To ensure the reliability of the backup, it is recommended to backup secondary index (stored data/.shards
under), then backup the main database file (stored in data/ shards
, and the parent data/
system at the database level) directory). This is because the update view / secondary index to automate slightly outdated view / CouchDB secondary index when the next read access, but more than two new view or its associated index database triggers completely rebuild the index. This can be a very costly and time-consuming operation and can affect your ability to recover quickly in the event of a disaster.
On supported operating systems / storage environment, you can also use to store snapshots. These advantages in the use of block storage systems (e.g., ZFS
or LVM
or Amazon EBS
almost instantaneous time). When using the snapshot block storage level, make sure to use OS-level utility when necessary (for example, Linux is fsfreeze
) the file system to a halt. If in doubt, check your operating system or the cloud provider's documentation for more details.
3.2 Configuration Backup
CouchDB system configuration data is stored in the configuration directory (by default etc/
) in the .ini
file. If the configuration is changed at runtime, the configuration file last in the chain will be updated with changes.
After restoring from backup, simply back up the entire etc/
directory to ensure consistent configuration.
If you are running when not to make any changes to the configuration via HTTP API, and all profiles by the configuration management system (such as Ansible
or Chef
) management, you do not need to configure the backup directory.
3.3 log backup
If configured to log to a file, you might want to back up the log file written CouchDB. Any backup solution of these files can be used.

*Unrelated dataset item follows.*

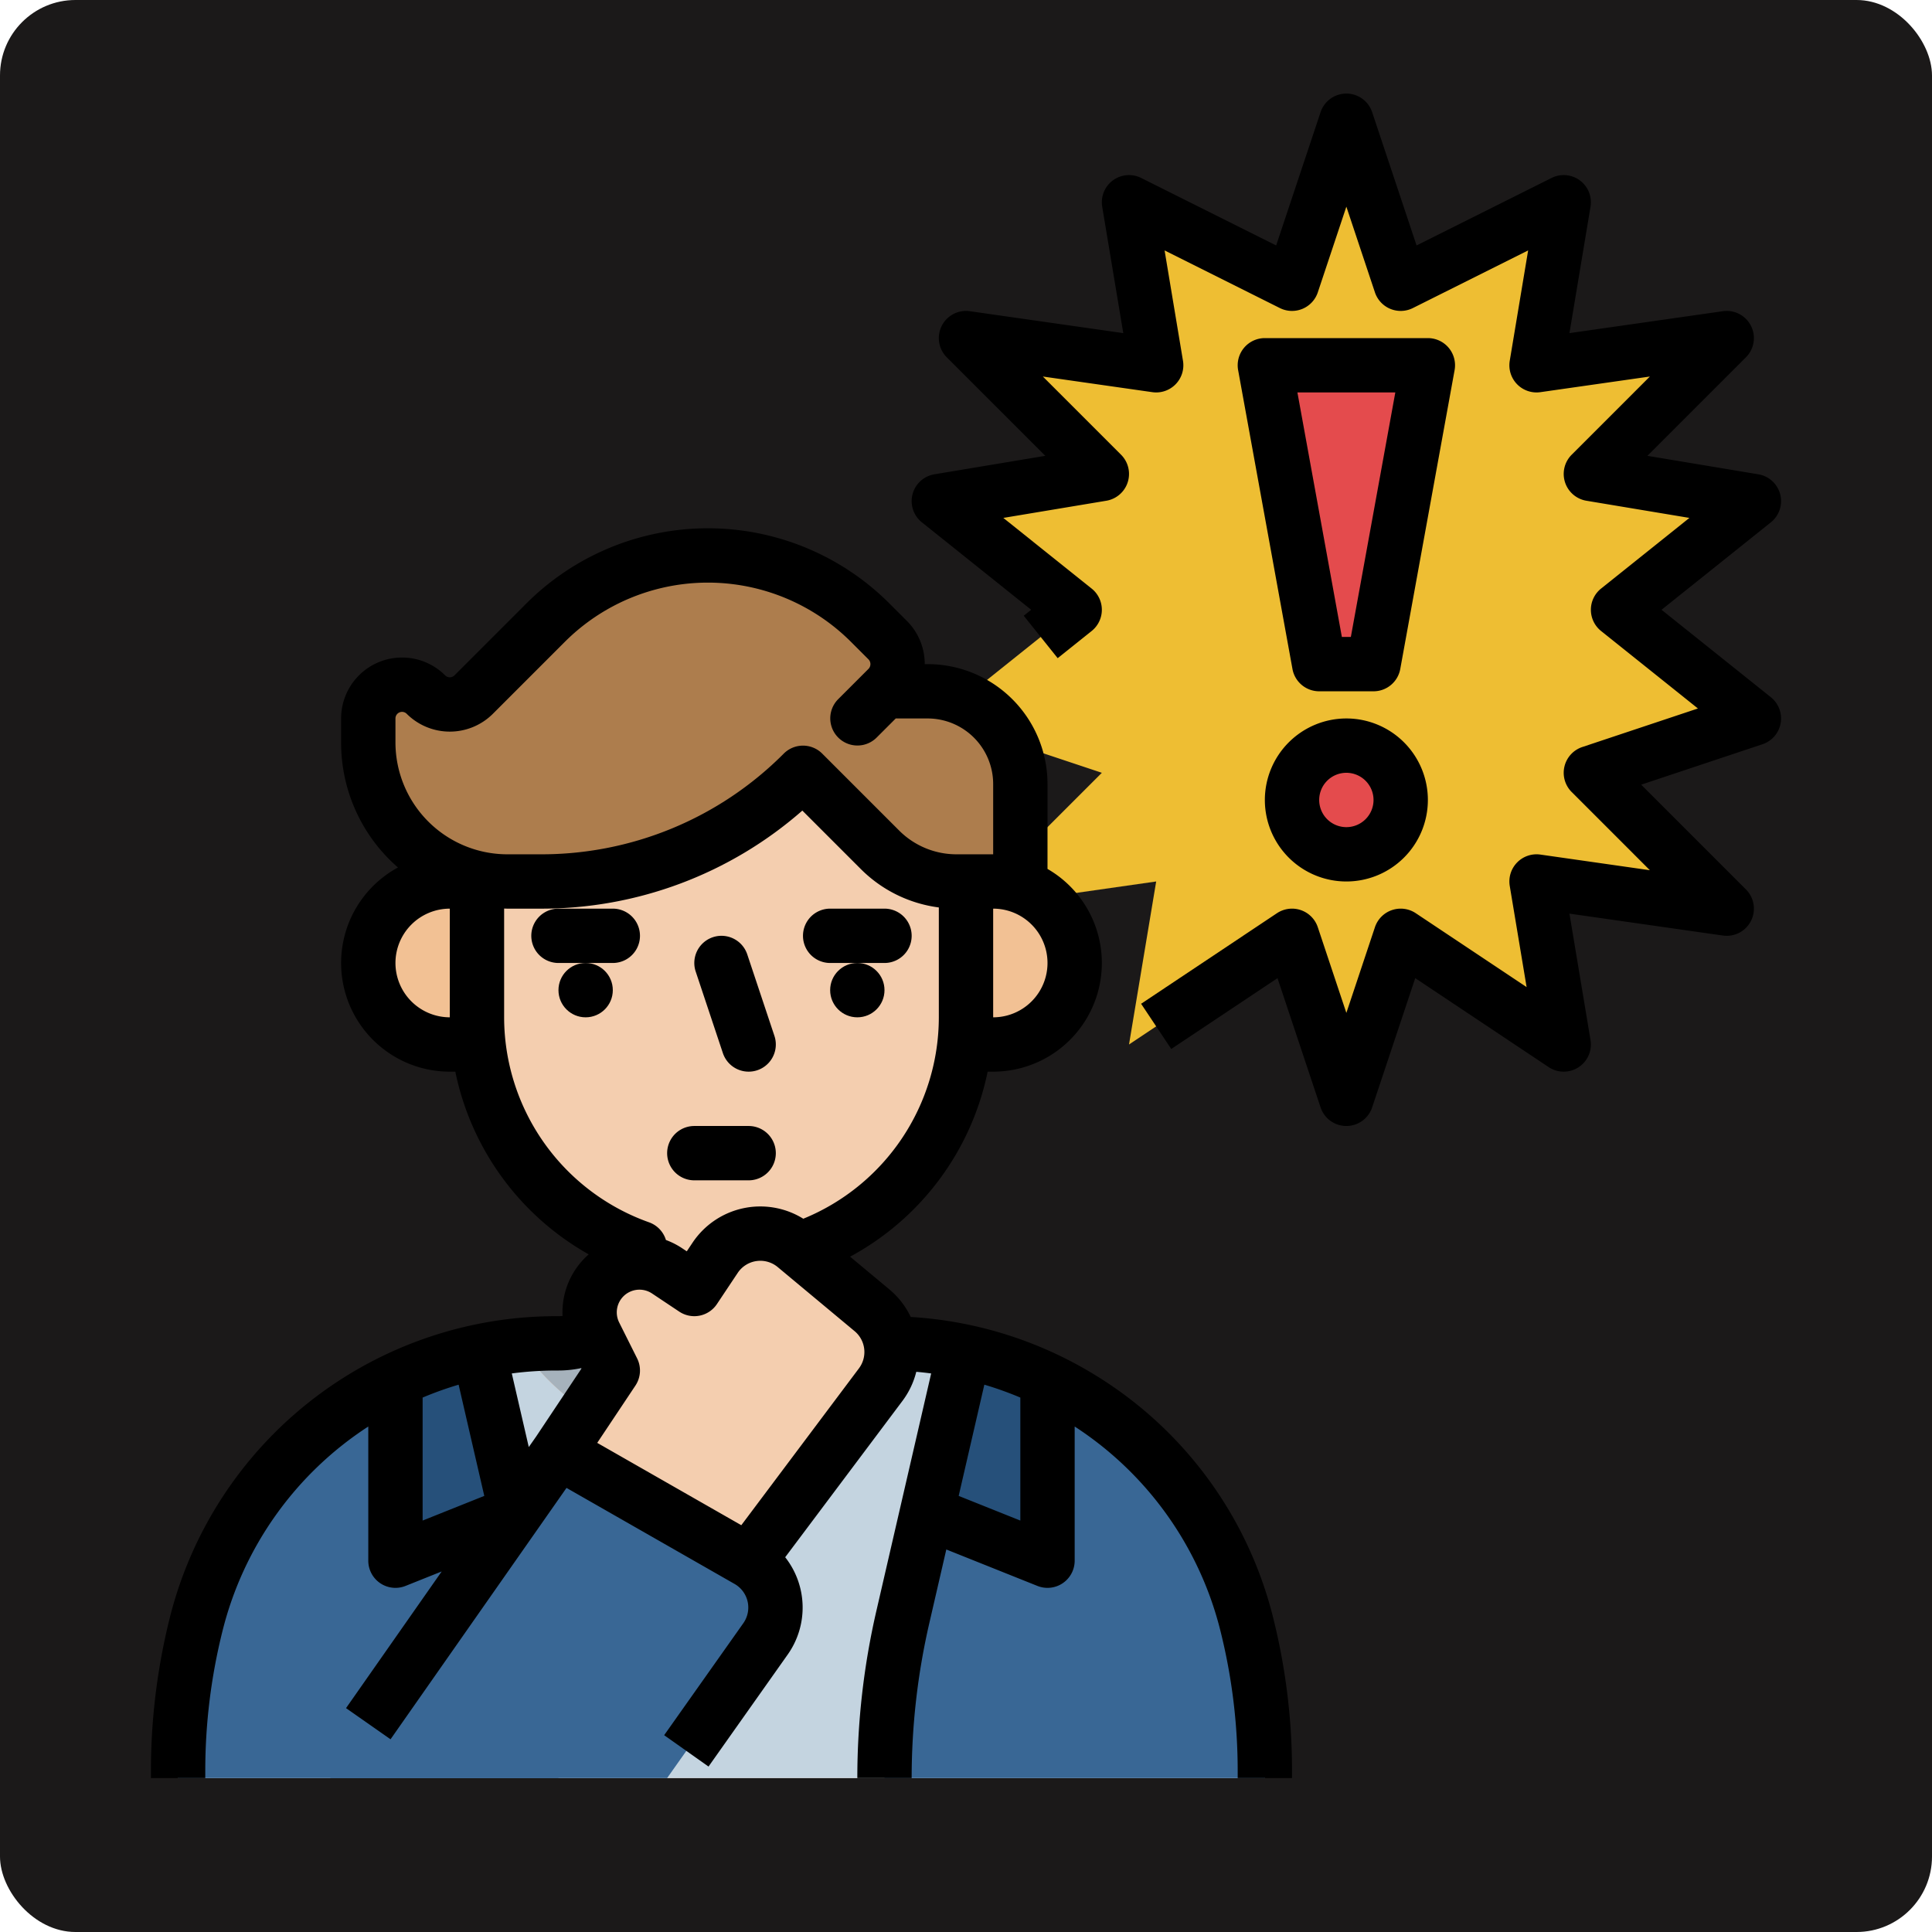 <svg xmlns="http://www.w3.org/2000/svg" xmlns:xlink="http://www.w3.org/1999/xlink" xmlns:svgjs="http://svgjs.com/svgjs" width="512" height="512" x="0" y="0" viewBox="0 0 512 512" style="enable-background:new 0 0 512 512" xml:space="preserve" class=""><rect width="512" height="512" rx="20" ry="20" fill="#1b1919"></rect><g transform="matrix(0.9,0,0,0.9,25.6,24.8)"><g xmlns="http://www.w3.org/2000/svg" id="Fill_out_line" data-name="Fill out line"><polygon points="424 232 432 280 384 248 368 296 352 248 304 280 312 232 256 240 296 200 248 184 288 152 248 120 296 112 256 72 312 80 304 32 352 56 368 8 384 56 432 32 424 80 480 72 440 112 488 120 448 152 488 184 440 200 480 240 424 232" style="" fill="#eebe33" data-original="#eebe33"></polygon><circle cx="368" cy="208" r="16" style="" fill="#e44b4d" data-original="#e44b4d"></circle><polygon points="360 168 376 168 392 80 344 80 360 168" style="" fill="#e44b4d" data-original="#e44b4d"></polygon><path d="M104,232h29.389a0,0,0,0,1,0,0v48a0,0,0,0,1,0,0H104a24,24,0,0,1-24-24v0a24,24,0,0,1,24-24Z" style="" fill="#f2c194" data-original="#f2c194"></path><path d="M258.611,232H288a0,0,0,0,1,0,0v48a0,0,0,0,1,0,0H258.611a24,24,0,0,1-24-24v0A24,24,0,0,1,258.611,232Z" transform="translate(522.611 512) rotate(180)" style="" fill="#f2c194" data-original="#f2c194"></path><path d="M344,493.85V496H24v-2.15a176.611,176.611,0,0,1,1.33-21.69,178.736,178.736,0,0,1,3.97-21.36,109.286,109.286,0,0,1,83.26-80.39A107.351,107.351,0,0,1,124.52,368.54q5.385-.54,10.83-.54H136a24.021,24.021,0,0,0,24-23.99V336h48v8.01A24.021,24.021,0,0,0,232,368h.65q5.445,0,10.83.54a107.351,107.351,0,0,1,11.96,1.87q3.705.78,7.35,1.83A109.316,109.316,0,0,1,338.7,450.8,177.509,177.509,0,0,1,344,493.85Z" style="" fill="#f4ceaf" data-original="#f4ceaf"></path><path d="M344,493.85V496H24v-2.15a176.611,176.611,0,0,1,1.33-21.69,178.736,178.736,0,0,1,3.97-21.36,109.286,109.286,0,0,1,83.26-80.39A107.351,107.351,0,0,1,124.52,368.54a70.825,70.825,0,0,0,7.25,8.96,71.919,71.919,0,0,0,111.71-8.96c2.21.22,4.4.51,6.59.86q2.7.435,5.37,1.01,3.705.78,7.35,1.83A109.316,109.316,0,0,1,338.7,450.8,177.509,177.509,0,0,1,344,493.85Z" style="" fill="#c4d4e0" data-original="#c4d4e0"></path><path d="M243.48,368.54a71.919,71.919,0,0,1-111.71,8.96,70.825,70.825,0,0,1-7.25-8.96c2.02-.2,4.04-.35,6.07-.43C132.17,368.03,133.76,368,135.35,368H136a23.861,23.861,0,0,0,14.93-5.22,47.973,47.973,0,0,0,66.14,0A23.861,23.861,0,0,0,232,368h.65Q238.095,368,243.48,368.54Z" style="" fill="#a6b2bc" data-original="#a6b2bc"></path><path d="M344,493.85V496H232a210.55,210.55,0,0,1,5.4-47.39l7.11-30.81,10.93-47.39q3.705.78,7.35,1.83A109.316,109.316,0,0,1,338.7,450.8,177.509,177.509,0,0,1,344,493.85Z" style="" fill="#396795" data-original="#396795"></path><path d="M136,496H24v-2.15a176.611,176.611,0,0,1,1.33-21.69,178.736,178.736,0,0,1,3.97-21.36,109.28,109.28,0,0,1,83.26-80.39l6.1,26.46L123.49,417.8l7.11,30.81A210.55,210.55,0,0,1,136,496Z" style="" fill="#396795" data-original="#396795"></path><path d="M256,224v48a72,72,0,0,1-144,0V224l96-40Z" style="" fill="#f4ceaf" data-original="#f4ceaf"></path><path d="M272,203.31V232H253.25a31.995,31.995,0,0,1-22.62-9.37L208,200a109.253,109.253,0,0,1-77.25,32h-9.78A40.971,40.971,0,0,1,80,191.03V184a9.933,9.933,0,0,1,10.01-9.96A9.738,9.738,0,0,1,96.97,176.97a9.946,9.946,0,0,0,14.06,0L132.2,155.8a67.598,67.598,0,0,1,95.6,0l5.13,5.13a10.007,10.007,0,0,1,0,14.14L232,176h12.69A27.314,27.314,0,0,1,272,203.31Z" style="" fill="#ad7d4d" data-original="#ad7d4d"></path><path d="M280,378.79V432l-35.49-14.2,10.93-47.39q3.705.78,7.35,1.83A108.842,108.842,0,0,1,280,378.79Z" style="" fill="#26507a" data-original="#26507a"></path><path d="M123.49,417.8,96.43,428.63,88,432V378.79a108.943,108.943,0,0,1,24.56-8.38l6.1,26.46Z" style="" fill="#26507a" data-original="#26507a"></path><path d="M145.923,354.232v0a14.679,14.679,0,0,0,.796,11.206L152,376l-16,24,56,32,38.88-51.84a16,16,0,0,0-2.557-21.892L205.679,339.399a16,16,0,0,0-23.556,3.416L176,352l-8.01-5.34A14.679,14.679,0,0,0,145.923,354.232Z" style="" fill="#f4ceaf" data-original="#f4ceaf"></path><path d="M168,496l28.961-40.967a16,16,0,0,0-5.127-23.128L136,400,68.8,496Z" style="" fill="#396795" data-original="#396795"></path><path d="M152,240H136a8,8,0,0,0,0,16h16a8,8,0,0,0,0-16Z" fill="#000000" data-original="#000000"></path><path d="M216,256h16a8,8,0,0,0,0-16H216a8,8,0,0,0,0,16Z" fill="#000000" data-original="#000000"></path><path d="M184.411,282.53a8,8,0,1,0,15.179-5.061l-8-24a8,8,0,1,0-15.179,5.061Z" fill="#000000" data-original="#000000"></path><circle cx="144" cy="264" r="8" fill="#000000" data-original="#000000"></circle><circle cx="224" cy="264" r="8" fill="#000000" data-original="#000000"></circle><path d="M176,320h16a8,8,0,0,0,0-16H176a8,8,0,0,0,0,16Z" fill="#000000" data-original="#000000"></path><path d="M294.826,377.832a117.264,117.264,0,0,0-55.105-17.602,23.896,23.896,0,0,0-6.278-8.107l-11.57-9.642A80.248,80.248,0,0,0,262.374,288H264a31.989,31.989,0,0,0,16-59.695v-24.992A35.313,35.313,0,0,0,244.687,168h-.837a17.946,17.946,0,0,0-5.264-12.729l-5.13-5.13a75.599,75.599,0,0,0-106.911,0l-21.171,21.172a1.942,1.942,0,0,1-2.746,0A17.941,17.941,0,0,0,72,184v7.029a48.651,48.651,0,0,0,14.343,34.628c.774.774,1.578,1.508,2.393,2.224A31.996,31.996,0,0,0,104,288h1.627a80.249,80.249,0,0,0,39.278,53.799,22.681,22.681,0,0,0-7.702,18.133c-.4.029-.798.068-1.205.068h-.646A117.316,117.316,0,0,0,21.538,448.862,185.661,185.661,0,0,0,16,493.85V496H32v-2.15a169.64,169.64,0,0,1,5.061-41.106A100.788,100.788,0,0,1,80,392.49V432a8,8,0,0,0,10.971,7.428l10.645-4.258L73.446,475.412l13.107,9.176,51.814-74.021,49.496,28.284a7.998,7.998,0,0,1,2.563,11.563l-23.305,32.967,13.065,9.236,23.305-32.967a23.959,23.959,0,0,0-.731-28.668L237.28,384.96a23.925,23.925,0,0,0,4.078-8.577c1.467.126,2.929.291,4.386.481l-16.143,69.951A219.068,219.068,0,0,0,224,496h16a203.045,203.045,0,0,1,5.191-45.587l5.011-21.716,26.826,10.73A8,8,0,0,0,288,432V392.49a100.788,100.788,0,0,1,42.939,60.253A169.64,169.64,0,0,1,336,493.85V496h16v-2.15a185.661,185.661,0,0,0-5.538-44.987A116.755,116.755,0,0,0,294.826,377.832ZM264,272V240a16,16,0,0,1,0,32ZM88,184a1.941,1.941,0,0,1,3.314-1.372,17.962,17.962,0,0,0,25.372,0l21.172-21.172a59.597,59.597,0,0,1,84.284,0l5.13,5.13a2.002,2.002,0,0,1,0,2.828l-8.929,8.929a8,8,0,0,0,11.313,11.314L235.314,184h9.373A19.314,19.314,0,0,1,264,203.313V224H253.255a23.838,23.838,0,0,1-16.971-7.03l-22.627-22.627a8.002,8.002,0,0,0-11.313,0A100.59,100.59,0,0,1,130.745,224H120.971A32.971,32.971,0,0,1,88,191.029Zm0,72a16.018,16.018,0,0,1,16-16v32A16.018,16.018,0,0,1,88,256Zm32,16V239.976c.324.006.646.024.971.024h9.774a116.393,116.393,0,0,0,77.066-28.875l17.159,17.158A39.685,39.685,0,0,0,248,239.649V272a64.121,64.121,0,0,1-39.912,59.307,23.983,23.983,0,0,0-32.621,7.071l-1.686,2.528-1.353-.902a22.935,22.935,0,0,0-4.786-2.436,7.995,7.995,0,0,0-4.978-5.208A64.113,64.113,0,0,1,120,272Zm15.998,104a32.087,32.087,0,0,0,6.703-.712l.068.136-13.37,20.056-2.141,3.059-5.003-21.678A101.468,101.468,0,0,1,135.352,376ZM96,383.968a101.076,101.076,0,0,1,10.599-3.795l7.557,32.749L96,420.184Zm128.48-8.607-34.642,46.19-42.427-24.244,11.246-16.868a7.999,7.999,0,0,0,.499-8.016l-5.281-10.562a6.679,6.679,0,0,1,9.678-8.544l8.01,5.34a8,8,0,0,0,11.094-2.219l6.123-9.185a8,8,0,0,1,11.778-1.708l22.644,18.869A7.997,7.997,0,0,1,224.48,375.36Zm29.364,37.561,7.558-32.752A101.332,101.332,0,0,1,272,383.968v36.216Z" fill="#000000" data-original="#000000"></path><path d="M492.998,177.753,460.806,152l32.191-25.753a8,8,0,0,0-3.683-14.139l-32.666-5.444,29.008-29.007a8,8,0,0,0-6.788-13.577L433.688,70.535l6.203-37.22a8,8,0,0,0-11.469-8.471l-39.75,19.875-13.083-39.25a8,8,0,0,0-15.179,0l-13.083,39.25-39.75-19.875a8,8,0,0,0-11.469,8.471L302.312,70.535l-45.181-6.455a8,8,0,0,0-6.788,13.577l29.008,29.007-32.666,5.444a8,8,0,0,0-3.683,14.139L275.194,152l-2.191,1.753,9.995,12.494,10-8a8,8,0,0,0,0-12.494l-26.009-20.808,30.327-5.054a8.001,8.001,0,0,0,4.342-13.549l-23.029-23.029,32.241,4.606a8,8,0,0,0,9.022-9.235l-5.417-32.503,33.948,16.974a8.001,8.001,0,0,0,11.167-4.625L368,33.298l8.411,25.232a8.001,8.001,0,0,0,11.167,4.625l33.948-16.974-5.417,32.503a8,8,0,0,0,9.022,9.235l32.241-4.606-23.029,23.029a8.001,8.001,0,0,0,4.342,13.549l30.327,5.054-26.009,20.808a8,8,0,0,0,0,12.494l28.517,22.813-34.049,11.35a8,8,0,0,0-3.127,13.247l23.029,23.029-32.241-4.606a8,8,0,0,0-9.022,9.235l4.964,29.785L388.438,241.344a7.999,7.999,0,0,0-12.027,4.126L368,270.702l-8.411-25.232a7.999,7.999,0,0,0-12.027-4.126l-40,26.667,8.875,13.312,31.285-20.856,12.688,38.063a8,8,0,0,0,15.179,0l12.688-38.063,39.285,26.189a8,8,0,0,0,12.329-7.972L433.688,241.465l45.181,6.455a8,8,0,0,0,6.788-13.577l-30.847-30.847,35.72-11.906a8.001,8.001,0,0,0,2.468-13.837Z" fill="#000000" data-original="#000000"></path><path d="M344,208a24,24,0,1,0,24-24A24.027,24.027,0,0,0,344,208Zm32,0a8,8,0,1,1-8-8A8.009,8.009,0,0,1,376,208Z" fill="#000000" data-original="#000000"></path><path d="M398.142,74.874A8,8,0,0,0,392,72H344a8,8,0,0,0-7.871,9.431l16,88A8,8,0,0,0,360,176h16a8,8,0,0,0,7.871-6.569l16-88A7.999,7.999,0,0,0,398.142,74.874ZM369.323,160h-2.646L353.586,88h28.828Z" fill="#000000" data-original="#000000"></path></g></g></svg>

On UNIX-like systems, if you use log rotation software, you must use the method "copy and then cut off," the. After creating a copy, it will truncate the original log file to zero. CouchDB is not recognized to close its log file and creates a new signal of any signal. Therefore, and due to the difference in file handling functions, in addition to regular CouchDB restart the process, there is no simple log rotation under Microsoft Windows solutions.